Clash in the semantic of contains(...) method in CompositeCurve

Martin Desruisseaux added a comment - 19/Jul/11 8:15 AM Actually this class is documented in section 6.1 of ISO 19107: Objects under GM_Primitive will be open, that is, they will not contain their boundary points; (...) Objects under GM_Complex will be closed, that is, they will contain their boundary points. This leads to some apparent ambiguity. A representation of a line as a primitive must reference its end points, but will not contain these points as a set of direct positions. A representation of a line as a complex will also reference its end points, and will contain these points as a set of direct positions. This means that identical digital representations will have slightly different semantics depending on whether they are accessed as primitives or complexes. This difference of semantics is most striking in the GM_CompositeCurve . Composite curves are used to represent features whose geometry could also be represented as curve primitives. From a cartographic point of view, these two representations are not different.

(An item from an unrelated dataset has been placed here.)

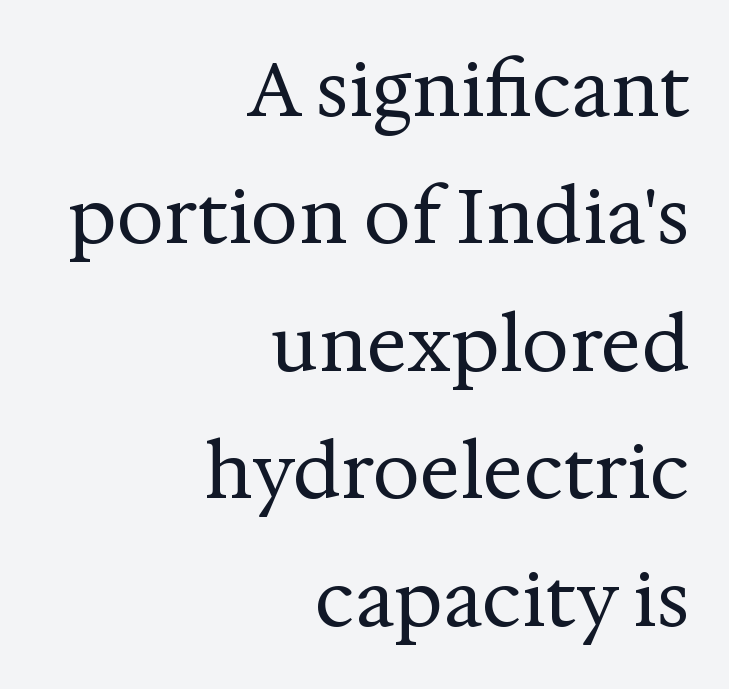
The rendering uses natural spacing where letterforms have individual widths. Leading matches the norm, producing a regular column. Caption: multi-line text, flush right, ragged left. Italic? Not at all — the glyphs are vertical.
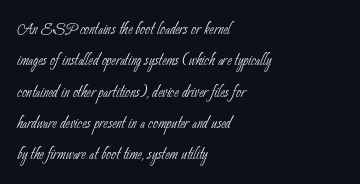
{"bold": "no", "underline": "no", "align": "left", "line_spacing": "normal", "line_spacing_ratio": 1.49, "letter_spacing": "normal", "letter_spacing_em": 0.0, "glyph_px": 21}
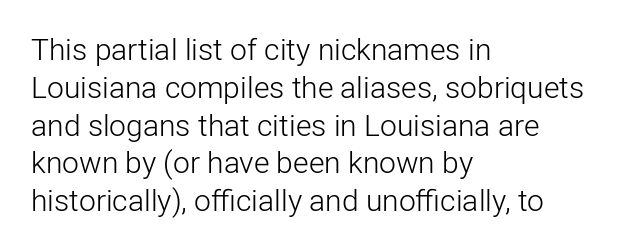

From a topological point of view, they are different. (...) The primary semantics of a GM_CompositeCurve is as a closed GM_Object , but it may also act as an open GM_Object under GM_Primitive operations. Interface protocols depending upon the topological details of this object will have to be distinguished as to whether they have been inherited from GM_Primitive or GM_Complex , where the distinction first occurs. Even though these protocols have been inherited from the same operations defined at GM_Object , they will act differently depending upon the branch of the inheritance tree from which they have inherited semantics. Creators of implementation profiles may take this into account and use a proxy mechanism for realization relationships that cause semantic dissonance. Such a procedure will be necessary in object-oriented programming and databases in systems that disallow multiple inheritance or make limiting assumptions about method binding.